The precedent: the protection of milk and dairy product designations in the EU
The idea of protecting certain traditional food designations is not new. The EU’s Common Market Organisation Regulation (Reg. (EU) No 1308/2013) defines ‘milk’, ‘butter’, ‘cheese’, ‘yogurt’ and similar terms as legal names reserved for products derived from mammalian milk.
This protection was further clarified and crystallized by the Court of Justice of the European Union (‘CJEU’) in its landmark 2017 TofuTown ruling (C‑422/16, EU:C:2017:458), in which the Court held that plant-based products may not bear these dairy designations in labeling and marketing, even if accompanied by an indication of the source of the raw material, such as ‘soy milk’, or qualifiers such as ‘plant-based’ or ‘vegan’, because these are legal names reserved exclusively and without exception for animal products.
National efforts and legal hurdles in the protection of “meaty” names
Inspired by the dairy example, several Member States previously introduced national legislation to offer protection to meat designations, at least for domestically produced products.
France was the first to introduce national legislation prohibiting the use of customary meat product names such as ‘steak’ and ‘tenderloin’ (but not ‘hamburger’) to designate foods containing plant proteins (Décret No. 2022-947 of June 29, 2022, later replaced by Décret No. 2024-144 of February 26, 2024).

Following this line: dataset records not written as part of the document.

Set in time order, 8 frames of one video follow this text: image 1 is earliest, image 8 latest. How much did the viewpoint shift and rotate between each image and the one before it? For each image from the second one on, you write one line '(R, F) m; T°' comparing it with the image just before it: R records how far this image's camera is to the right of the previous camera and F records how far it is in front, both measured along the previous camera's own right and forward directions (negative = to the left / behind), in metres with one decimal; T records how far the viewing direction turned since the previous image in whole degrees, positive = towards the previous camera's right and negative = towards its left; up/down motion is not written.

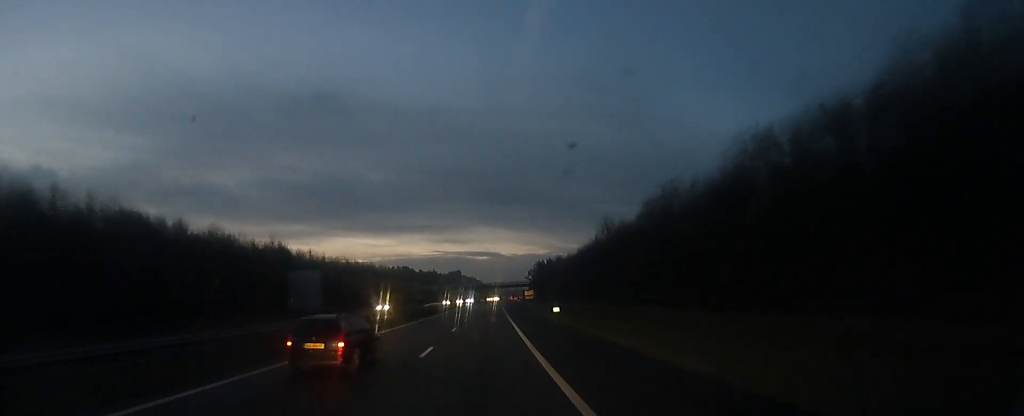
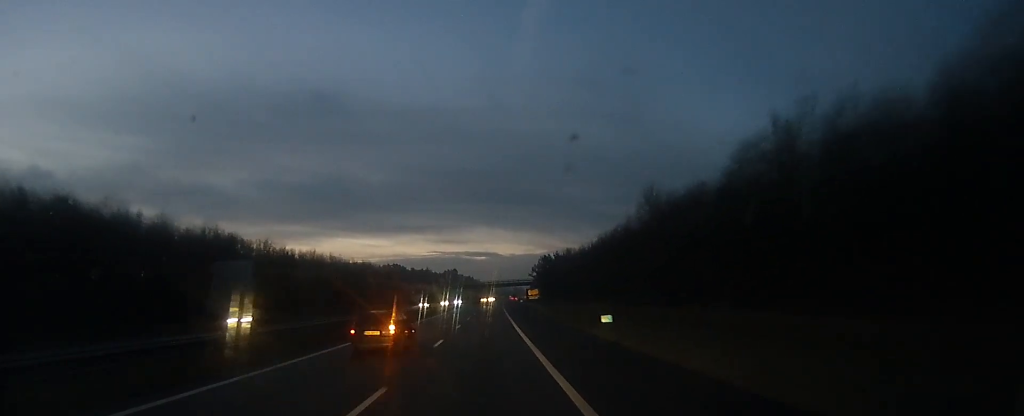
(+0.5, +20.7) m; +1°
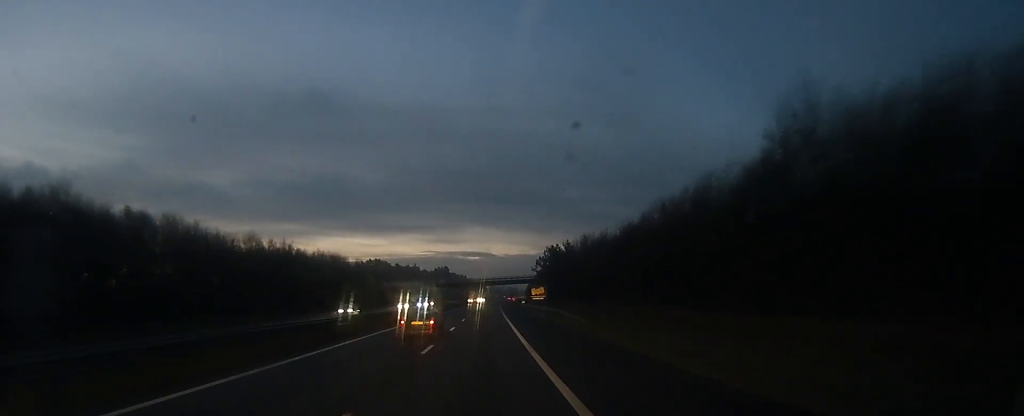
(+0.1, +26.6) m; -1°
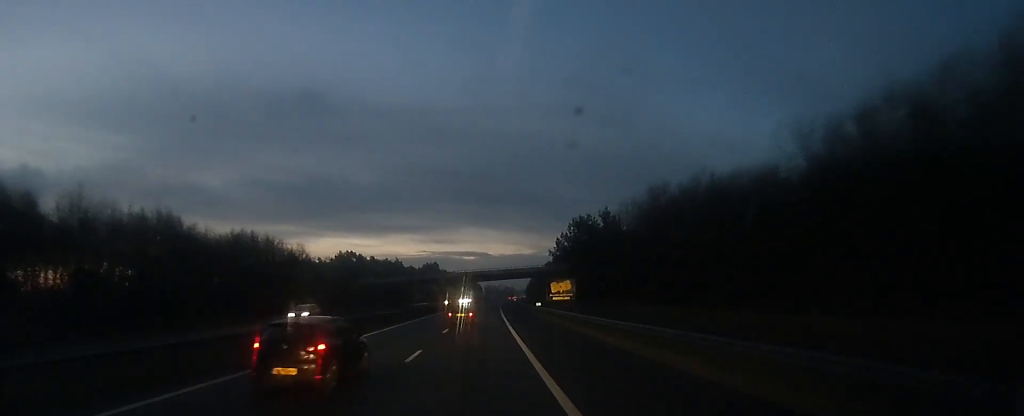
(-0.7, +38.2) m; -1°
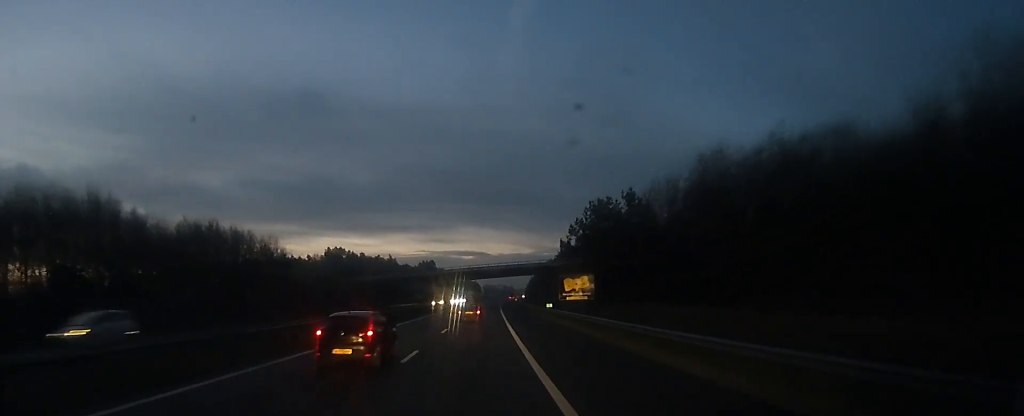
(+0.1, +12.2) m; 0°
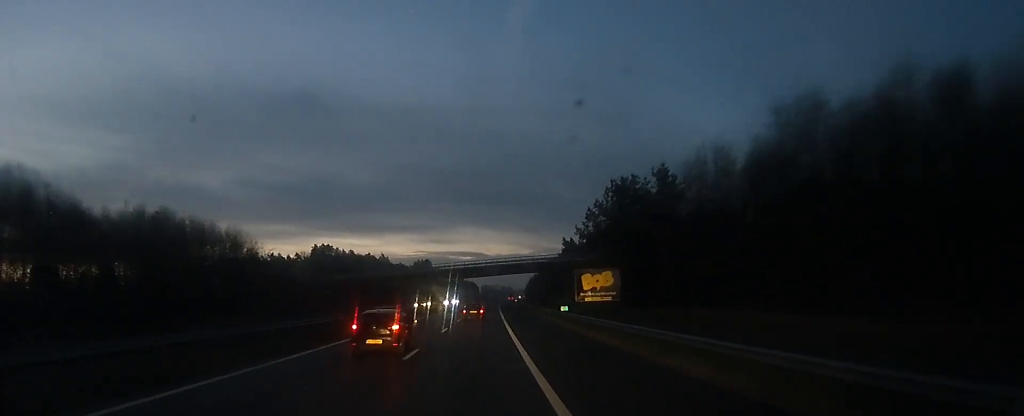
(+0.1, +11.0) m; 0°
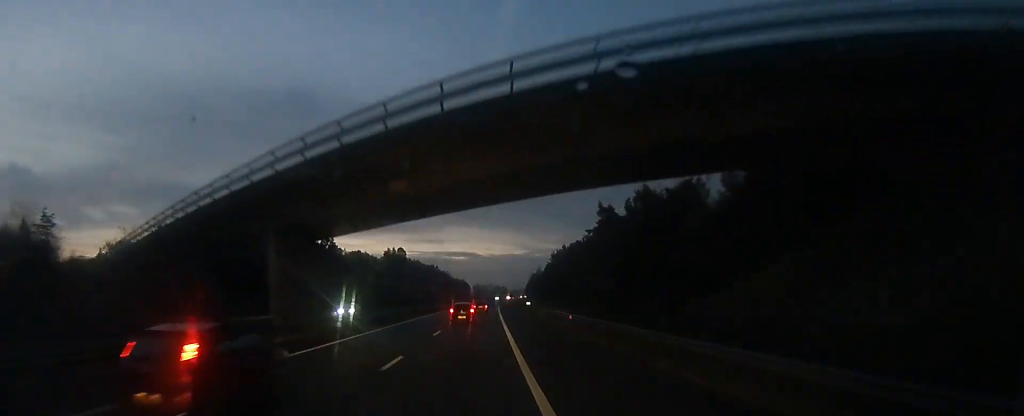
(+1.5, +62.3) m; +3°
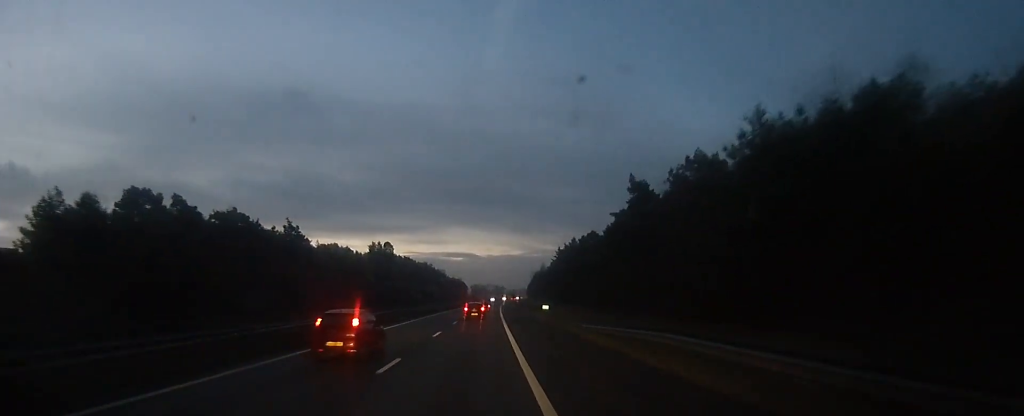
(0.0, +24.5) m; 0°
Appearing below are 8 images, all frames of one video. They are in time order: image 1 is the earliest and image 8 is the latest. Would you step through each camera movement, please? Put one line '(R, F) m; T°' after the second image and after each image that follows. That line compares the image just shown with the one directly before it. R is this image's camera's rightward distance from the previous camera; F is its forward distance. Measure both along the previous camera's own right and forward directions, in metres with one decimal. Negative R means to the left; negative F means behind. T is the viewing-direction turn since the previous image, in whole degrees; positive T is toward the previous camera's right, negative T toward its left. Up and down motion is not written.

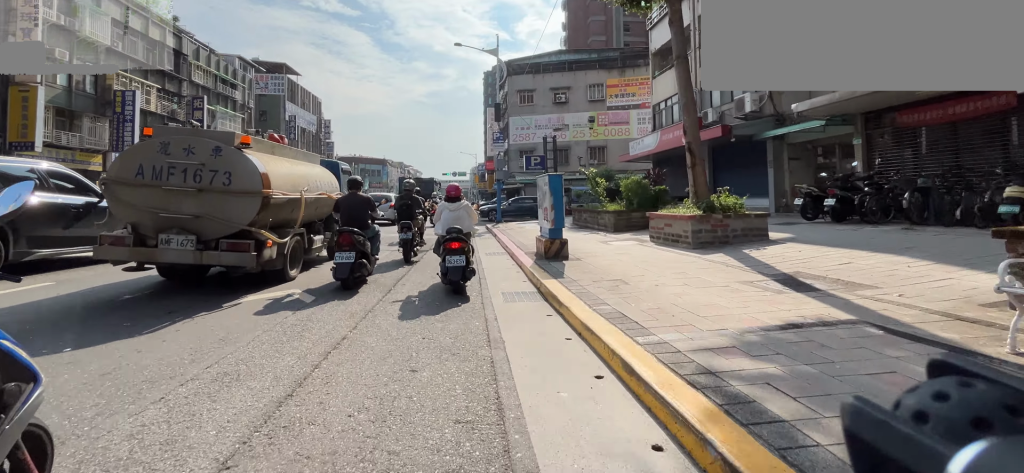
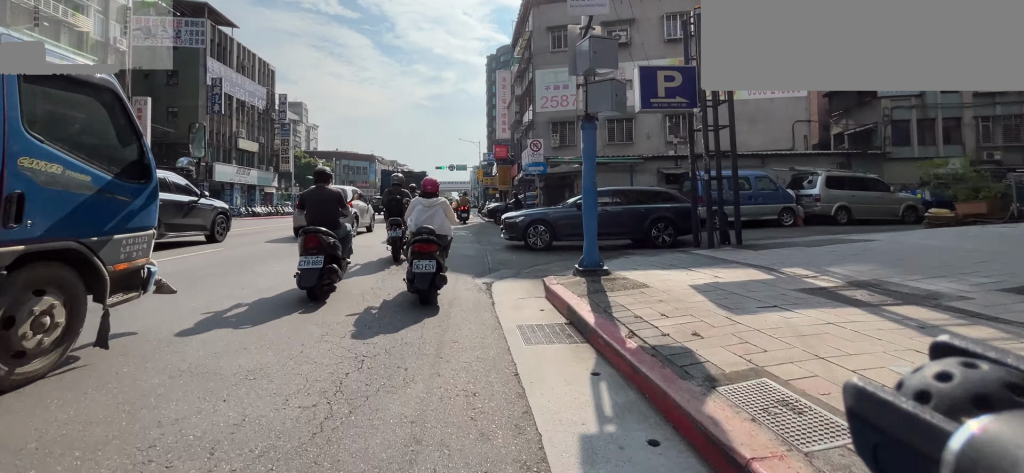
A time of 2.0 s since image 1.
(-0.1, +15.3) m; -1°
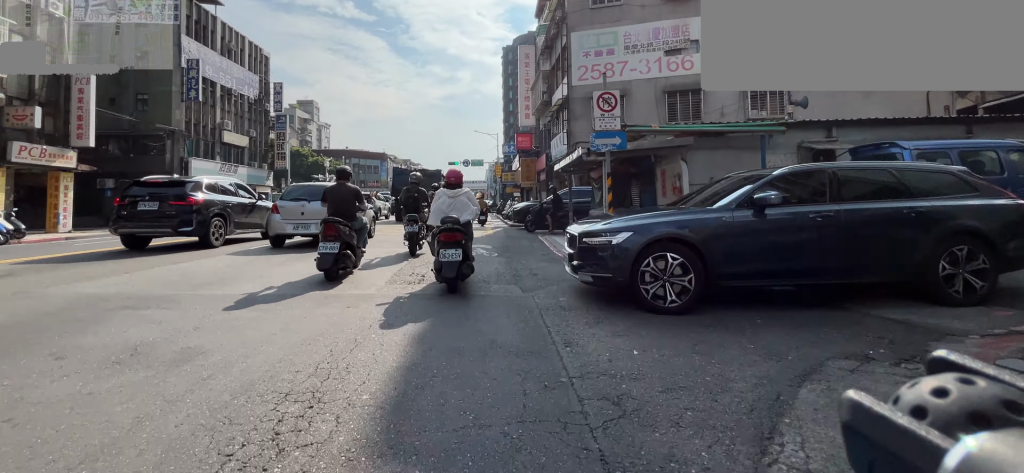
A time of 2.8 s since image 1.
(0.0, +6.3) m; 0°
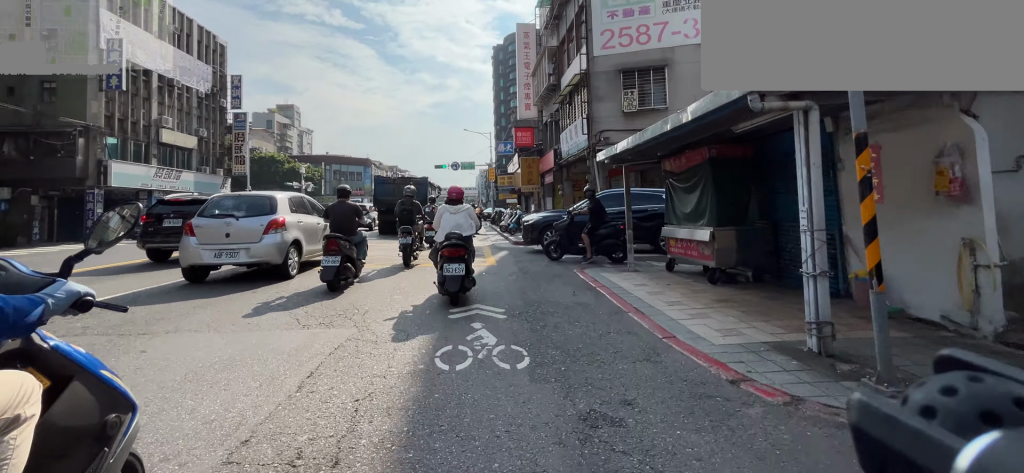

These provisions were successfully challenged before the CJEU (Protéines France, C-438/23, EU:C:2024:826), which ruled that the EU’s harmonized food labeling rules on customary and descriptive names for foodstuffs (i.e., Reg. (EU) No 1169/2011) preclude a member state from adopting national measures regulating or prohibiting the use of terms from the butchery, delicatessen, and fish sectors to describe, market, or promote foods containing plant protein instead of protein of animal origin, unless national legislation identifies such terms as ‘legal names’ (and, in doing so, provides a specific description). After this ruling, France’s highest administrative court (Conseil d’État) annulled the 2024 decree, leaving France with no more national bans (Décision n° 492839 of 28 January 2025 FR:CECHR:2025:492839.20250128).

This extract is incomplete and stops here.